Até que o grupinho se pôs em movimento, começou a atravessar a praça, e nisto um dos homens que o compunham – um fulano também dos seus 60 anos, bem vestido, de estatura normal – foi direito ao louco e invetivou-o: «Tu não voltas a fazer isso, ouviste? Aviso-te: nunca mais faças isso! Ai de ti se voltas a fazer!», e espetava o dedo ameaçador. O louco ficou sem aparente reação, e o homem afastou-se, direito ao grupo de que se tinha momentaneamente separado.

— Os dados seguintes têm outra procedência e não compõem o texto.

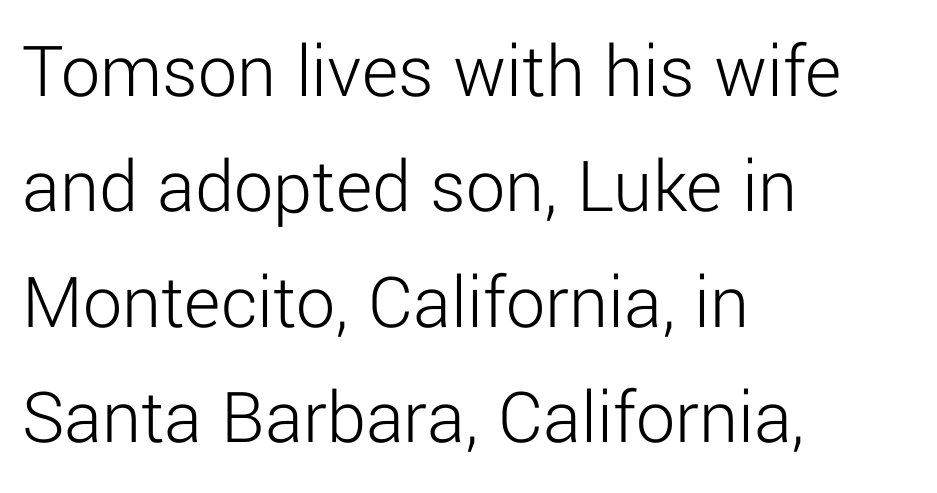
The passage shown has conventional tracking throughout. Is this a fixed-width face? No — the glyphs have proportional, varying widths. Leading: standard. These lines are composed in type without serifs. The weight would be labelled regular, book, light, or lighter still.
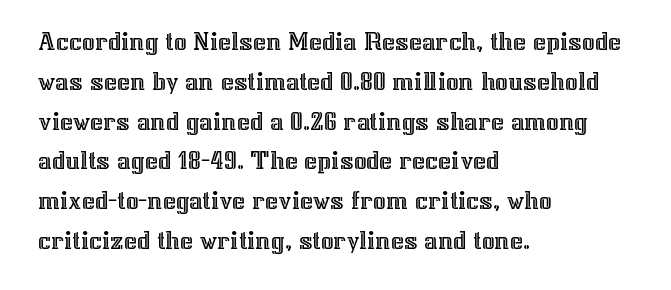
{"italic": "no", "width": "normal", "x_height": "medium", "monospaced": "no", "underline": "no", "align": "left", "line_spacing": "normal", "line_spacing_ratio": 1.42, "letter_spacing": "normal", "letter_spacing_em": 0.0, "glyph_px": 28}
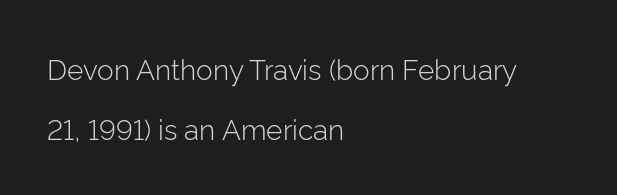
Q: Is the text bold? A: No.
Q: Is the text italic (slanted)? A: No, it is upright.
Q: Is the typeface a serif or a sans-serif typeface? A: Sans-serif.
Q: Is the text underlined? A: No.
Q: How is the paragraph aligned? A: Left-aligned.
Q: Is the spacing between letters normal or unusually wide? A: Normal.
Q: Is the spacing between lines tight, normal or loose? A: Loose.
Q: Width (condensed, normal, or wide)? A: Normal.
Q: Stroke contrast? A: Low.
Q: x-height? A: Medium.
Q: Monospaced? A: No.
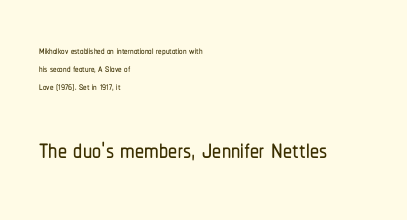
Does the leading feel generous? No, just average. Is this a fixed-width face? No — the glyphs have proportional, varying widths. The rendering anchors every line to the left-hand side. Is the letter spacing exaggerated? No — it looks like the ordinary default. The glyphs are unaccompanied by any horizontal stroke below them.
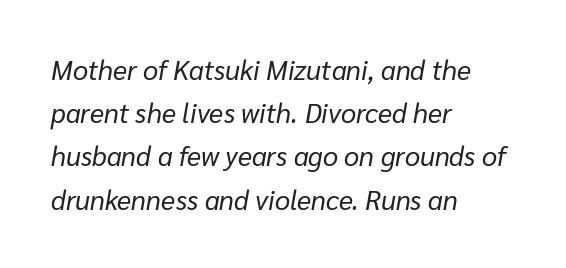
{"italic": "yes", "lean": "right", "slant_degrees": 10, "bold": "no", "underline": "no", "align": "left", "line_spacing": "normal", "line_spacing_ratio": 1.6, "letter_spacing": "normal", "letter_spacing_em": 0.0, "glyph_px": 27}
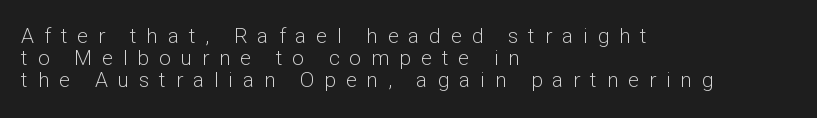
{"italic": "no", "bold": "no", "underline": "no", "align": "left", "line_spacing": "tight", "line_spacing_ratio": 1.05, "letter_spacing": "wide", "letter_spacing_em": 0.47, "glyph_px": 21}
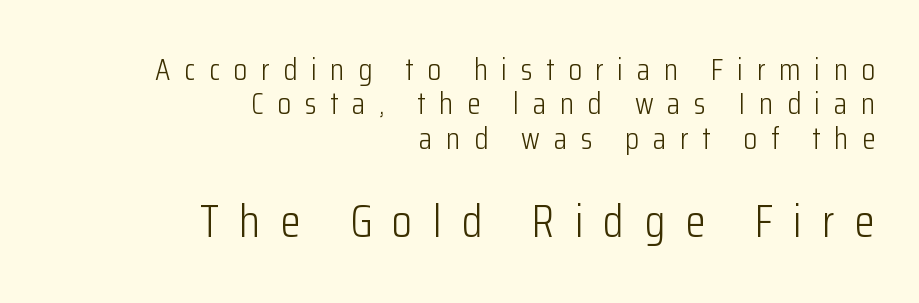
Q: Is the text bold? A: No.
Q: Is the text italic (slanted)? A: No, it is upright.
Q: Is the typeface a serif or a sans-serif typeface? A: Sans-serif.
Q: Is the text underlined? A: No.
Q: How is the paragraph aligned? A: Right-aligned.
Q: Is the spacing between letters normal or unusually wide? A: Unusually wide.
Q: Is the spacing between lines tight, normal or loose? A: Tight.
Q: Which block of text is set in a larger size, the first (top) or the second (bottom)? A: The second (bottom) one.
Q: Width (condensed, normal, or wide)? A: Condensed.
Q: Stroke contrast? A: Low.
Q: x-height? A: Medium.
Q: Monospaced? A: No.
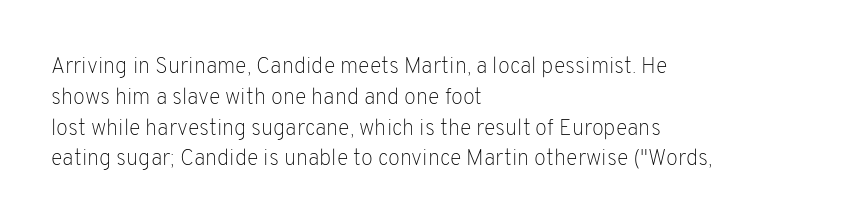
{"italic": "no", "bold": "no", "underline": "no", "align": "left", "line_spacing": "normal", "line_spacing_ratio": 1.4, "letter_spacing": "normal", "letter_spacing_em": 0.0, "glyph_px": 22}

Mas por qualquer razão – talvez o outro lhe tenha dito alguma coisa de que não gostou – voltou atrás, encostou-se ao louco e simulou dar-lhe uma cabeçada. Ou deu-lhe mesmo. Do sítio onde estava não consegui perceber.
Aí, o louco reagiu. Primeiro deu um murro no fulano, a seguir deu-lhe um pontapé, o tipo desequilibrou-se, deu uns passos cambaleantes e por pouco não se estatelou no chão. Aí vi a coisa mal parada. O agredido, sentindo-se humilhado, fez menção de investir outra vez contra o louco, mas era agora evidente que, se o fizesse, levaria mais. E se caísse e batesse com a cabeça na calçada o caso seria grave.

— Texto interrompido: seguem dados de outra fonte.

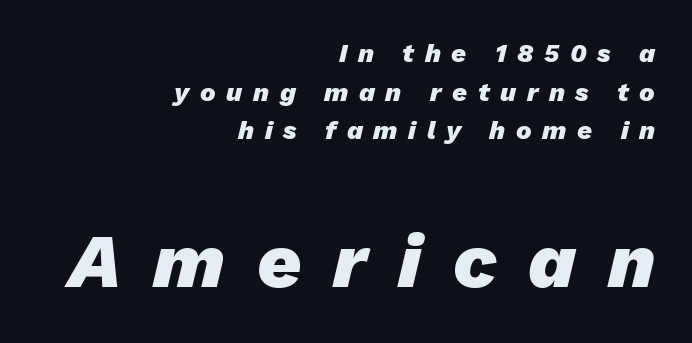
{"italic": "yes", "lean": "right", "slant_degrees": 13, "bold": "yes", "weight": "heavy", "width": "normal", "stroke_contrast": "low", "x_height": "medium", "monospaced": "no", "underline": "no", "align": "right", "line_spacing": "normal", "line_spacing_ratio": 1.49, "letter_spacing": "wide", "letter_spacing_em": 0.41, "larger_block": "second", "size_ratio": 2.96, "glyph_px": 77}
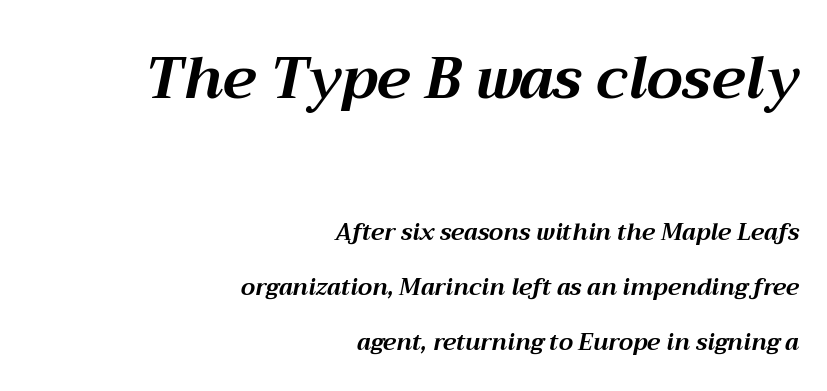
Q: Is the text bold? A: Yes.
Q: Is the text italic (slanted)? A: Yes, it leans right by about 12 degrees.
Q: Is the text underlined? A: No.
Q: How is the paragraph aligned? A: Right-aligned.
Q: Is the spacing between letters normal or unusually wide? A: Normal.
Q: Is the spacing between lines tight, normal or loose? A: Loose.
Q: Which block of text is set in a larger size, the first (top) or the second (bottom)? A: The first (top) one.
Q: Width (condensed, normal, or wide)? A: Normal.
Q: Stroke contrast? A: Medium.
Q: x-height? A: Medium.
Q: Monospaced? A: No.

Percebendo o mesmo que eu, várias pessoas dispararam a correr em direção aos dois homens, separaram-nos, enquanto um rapaz dos seus dez anos, nervosíssimo, gritava para o louco: «Tu nunca mais bates no meu avô! Nunca mais fazes mal ao meu avô, ouviste?». E tentava avançar para o homem, no que era impedido pelas pessoas que se tinham juntado à volta.

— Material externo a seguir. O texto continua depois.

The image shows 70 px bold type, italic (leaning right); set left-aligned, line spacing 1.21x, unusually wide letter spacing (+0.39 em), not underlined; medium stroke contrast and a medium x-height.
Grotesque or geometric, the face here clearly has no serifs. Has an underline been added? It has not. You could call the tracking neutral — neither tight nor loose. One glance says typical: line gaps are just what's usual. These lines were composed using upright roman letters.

O episódio terminou com o ‘avô’ a ser levado dali pelo grupo que o acompanhava e o louco a ser abordado por dois polícias. Possivelmente já o conheciam e apenas o terão ameaçado de prisão caso continuasse a fazer cenas na rua.
Ver pessoas à luta sempre me impressionou muito. Em jovem houve um período em que me envolvi em cenas de pancadaria, mas por pouco tempo. Numa delas caí para trás, bati com a cabeça numa pedra e fui parar ao hospital. Noutra – num acampamento de escuteiros – ao tentar amparar-me com os braços para não cair, espetei um pau num pulso, cortei uma veia, e se não fosse um escuteiro indonésio que estava a acampar connosco – e que tinha formação em primeiros socorros – teria morrido. O sangue saía-me do buraco no pulso às golfadas. O indonésio fez-me um garrote no braço, que me salvou.
Depois tomei consciência do absurdo que era andar à pancada. E, talvez também dececionado por algumas derrotas, deixei-me disso.
Quando os meus filhos começaram a sair à noite com amigos, para peregrinações pelas discotecas, às vezes regressavam a casa de táxi porque já não havia transportes. E uma ou outra vez contaram-me que se tinham envolvido em discussões com os motoristas, chegando possivelmente (imagino eu) a vias de facto.
Expliquei-lhes uma coisa básica: cabe à pessoa mais preparada (e mais inteligente) evitar que uma discussão acabe à pancada. Quem vence a luta prova o quê? Que tinha mais razão do que a outra? E não se pode esperar que seja a pessoa mais boçal, ou mais burra, a ter a presença de espírito necessária para acabar com uma discussão.
Ora, digo o mesmo sobre a cena na Praça do Giraldo: cabia à pessoa sã de espírito ter evitado que as coisas chegassem àquele ponto.
O que pensaria aquele senhor bem-posto, já de certa idade, quando foi meter-se com o louco e mandá-lo calar? Que o louco tivesse juízo e lhe desse razão? E, pior ainda, o que lhe passou pela cabeça quando foi ameaçá-lo (ou atingi-lo mesmo) com uma cabeçada? Quereria mostrar aos que estavam com ele que era muito forte, que era ‘muito homem’ e não admitia que ninguém o molestasse, nem mesmo um louco?
Como pessoa normal, o homem devia ter-se posto no seu lugar. Devia-se ter afastado do louco, como eu fiz, e deixá-lo a berrar sozinho. No limite, se o louco o perseguisse, dirigia-se aos polícias e fazia queixa. Agora, andar à pancada com um demente na Praça do Giraldo é que não se admite. E ainda por cima acabar humilhado perante aqueles que queria aparentemente impressionar… Inclusive, perante o neto.